Neurohackweek 2017 participants. Photo by Robin Brooks

Neurohackweek: an international collaboration

By Ariel Rokem, data scientist and Neurohackweek organizer

Neurohackweek 2017 participants. Photo by Robin Brooks
Neurohackweek 2017 participants. Photo, Robin Brooks, eScience Institute

Forty graduate students, postdocs, research staff and faculty took part in Neurohackweek 2017, including international attendees from Turkey, Russia, Canada, the United Kingdom and Denmark.

The neuroscience conference, which ran Sept. 4 – 8, kicked off with a talk by Russ Poldrack (Stanford University) posing the problems of reproducibility in human neuroimaging and offering some proposed solutions. After this, participants could select from among a series of short data science tutorials on tools that would be used in hacks during the week, ranging from version control and programming (in R and in Python) to data visualization in Javascript, using D3.

In the following days, morning tutorials were offered about cloud computing (Tara Madhyastha, University of Washington (UW)), machine learning (Jake Vanderplas, eScience Institute) and Chris Holdgraf (University of California, Berkeley) and a hands-on tutorial about tools for reproducible neuroscience data analysis (Satra Ghosh (video part 2), Massachusetts Institute of Technology and Chris Gorgolewski, Stanford University).

Afternoons and evenings were devoted to work on hack projects and additional breakout sessions were presented on advanced topics in statistics and signal processing (given by Nicolas Cain, Allen Institute for Brain Science, Jeanette Mumford, University of Wisconsin, Jean-Baptiste Poline, Montreal Neurological Institute and McGill University, and Bing Brunton, UW).

Project work encouraged participants to collaborate in analyzing data together or creating new software tools.  A few examples:

1. A data-driven approach to creating an ontology of cognitive psychology terms (for example, what terms are used in the scientific literature in conjunction to “memory”, or in conjunction to “pain”?).

2. A new software library that detects “avalanches” in fMRI data. These are cascades of bursts of activity in the brain that have a coherent spatial and temporal structure.

3. An analysis of publicly available data from the Human Connectome Project using new machine learning tools to explain inter-individual differences in cognitive abilities.

4. Experimental software to use Amazon Web Services (AWS) to deploy large-scale analysis of MRI data using the AWS Lambda service.

A full list of the projects, with links to code and results are at: https://github.com/neurohackweek/nhw2017/blob/gh-pages/README.md#projects. A playlist of the videos linked above can be found on YouTube at: https://www.youtube.com/playlist?list=PLA6PlfxWZPLTLJ2qTN9enG0tkizpmwWaq.
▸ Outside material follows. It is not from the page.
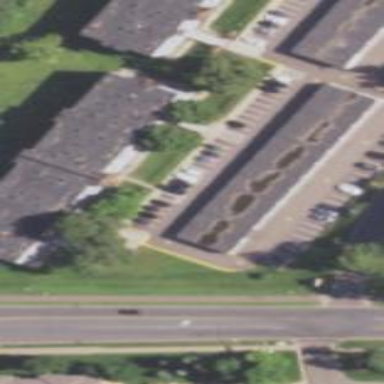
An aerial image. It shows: Group of garages.
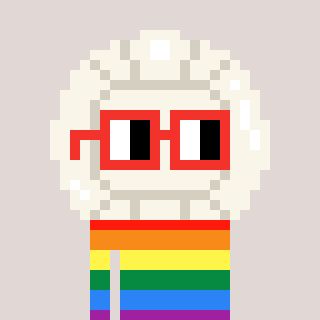
a pixel art character with square red glasses, a volleyball-shaped head and a blue-colored body on a warm background

Focused teams work on projects at Neurohackweek 2017. Photo by Robin Brooks
Focused teams work on projects at Neurohackweek 2017. Photo, Robin Brooks, eScience Institute

The week ended on Friday with presentations of the projects by all the teams, and an evening farewell party (a cruise and dinner on Lake Washington) which provided an opportunity for participants to relax and enjoy each other’s company before heading back to their respective corners of the globe. Several of these projects continued to develop after the end of the week, with the hope of sustaining the long-term collaborations that started as part of Neurohackweek.

This year’s Neurohackweek benefited tremendously from support by AWS and Alces Flight in creating new tutorial materials to learn about cluster computing – work led by Tara Madhyastha from the UW and the Integrated Brain Imaging Center. In addition, with crucial help from Yuvi Panda and Chris Holdgraf from the Jupyterhub team at UC Berkeley, and the eScience Institute’s Cloud Computing team (particularly Amanda Tan and Rob Fatland), we were able to create a cloud-based system that provided participants with access to tutorial materials, data and computing through their web browsers.

This deployment of Jupyterhub was relatively complex, because we wanted to provide participants with a wealth of software and data options that they could use through this system. This experiment was a resounding success, with participants providing very enthusiastic feedback about the experience of using the system. With the lessons that we have learned from this deployment, we expect that we will be deploying more systems of this sort for future courses (see also the Jupyterhub documentation on the topic: https://zero-to-jupyterhub.readthedocs.io/en/latest/).

Neurohackweek was supported by a grant from the National Institute for Mental Health (to Ariel Rokem, eScience Institute, and Tal Yarkoni, University of Texas, Austin). Thanks to this support, we will be able to scale-up the size of the event next year (and through 2021) to 60 participants, and extend it to two weeks. This will allow us to extend both the lecture portion of the course, as well as allowing longer time for project development.